PROTAGONISTI, BANCA BPER CREDE NELL’ORTOFRUTTA: “SETTORE MOLTO INTERESSANTE”

“Il gruppo Bper sta seguendo con grande interesse il settore primario e sono numerose le occasioni nelle quali non ha fatto mancare il proprio sostegno a manifestazioni e convegni. Il nostro interesse è ovviamente professionale per la caratura delle aziende presenti ma vuole soprattutto mostrare quale deve essere il giusto approccio per dare risposte concrete alle aziende agricole italiane”. A sottolinearlo è stato Maurizio Marchesini (nella foto), Servizio Family e product manager Agricoltura di Banca BPer, in occasione dell’evento Protagonisti tenutosi alla Reggia di Caserta venerdì scorso.

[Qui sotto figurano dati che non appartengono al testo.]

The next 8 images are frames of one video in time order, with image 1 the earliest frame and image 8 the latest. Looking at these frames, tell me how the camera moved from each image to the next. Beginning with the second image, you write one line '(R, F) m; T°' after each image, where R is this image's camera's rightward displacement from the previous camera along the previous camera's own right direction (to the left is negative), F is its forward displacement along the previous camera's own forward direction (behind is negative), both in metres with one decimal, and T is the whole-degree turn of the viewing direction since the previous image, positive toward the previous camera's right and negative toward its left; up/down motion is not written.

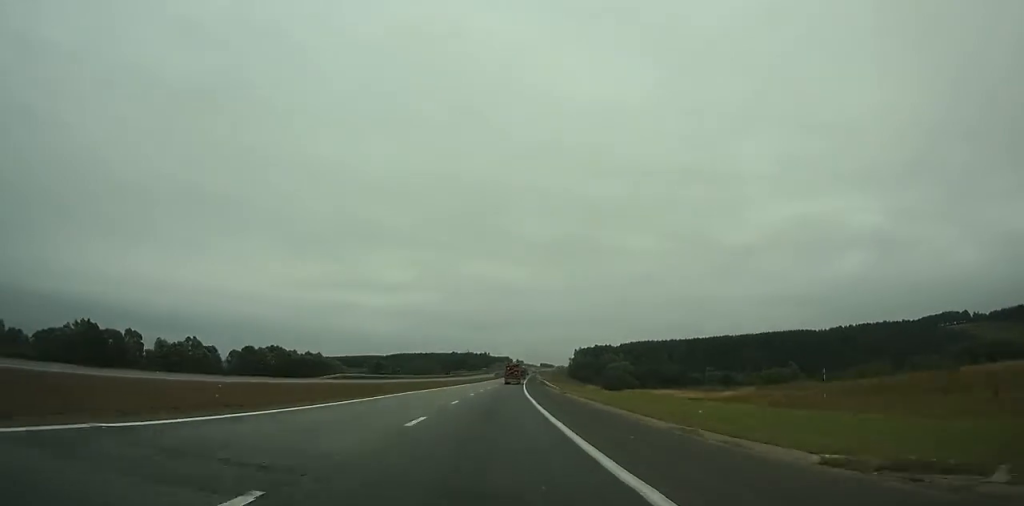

“Occorre innanzitutto capire le diverse richieste che ci vengono avanzate”, ha aggiunto Marchesini. Abbiamo aziende più strutturate che sono particolarmente attente alle occasioni dei mercati internazionali e chiedono un modello di banca che sappia affiancare l’azienda ma anche, se richiesto, indirizzarla.

Ma abbiamo soprattutto aziende di dimensioni ridotte le quali, in forma associata, rappresentano l’ossatura della nostra capacità di produrre con altissima qualità ma che non possono offrire elementi tradizionali per una valutazione finanziaria.

Esistono vari strumenti che hanno l’obiettivo di fotografare la realtà aziendale in modo scientifico ma non possono  essere efficaci con aziende agricole di piccole dimensioni. È per questo che abbiamo creato una struttura di specialisti che debbono tradurre la capacità aziendale di produrre reddito in un linguaggio fruibile dalle banche.

L’anomala contabilità, la particolare fiscalità, la difficile gestione di una liquidità con flussi irregolari debbono trovare una banca che sappia integrarli con una reale valutazione patrimoniale, con una consapevole valutazione dei flussi attesi, con una conoscenza del mercato e dei margini attesi derivanti dalle diverse produzioni.

Il marchio Italia produce centinaia di eccellenze fregiate dai marchi Dop, Igp e Sgt; nel campo ortofrutticolo sono oltre cento e creano formidabili occasioni di vendita interna ed estera.

Le banche devono riuscire a facilitare l’azione delle aziende agricole singole o associate, con competenza specifica e reale capacità di valutazione aziendale. In questo ci stiamo impegnando convinti che questo settore possa competere con successo in tutti i mercati”.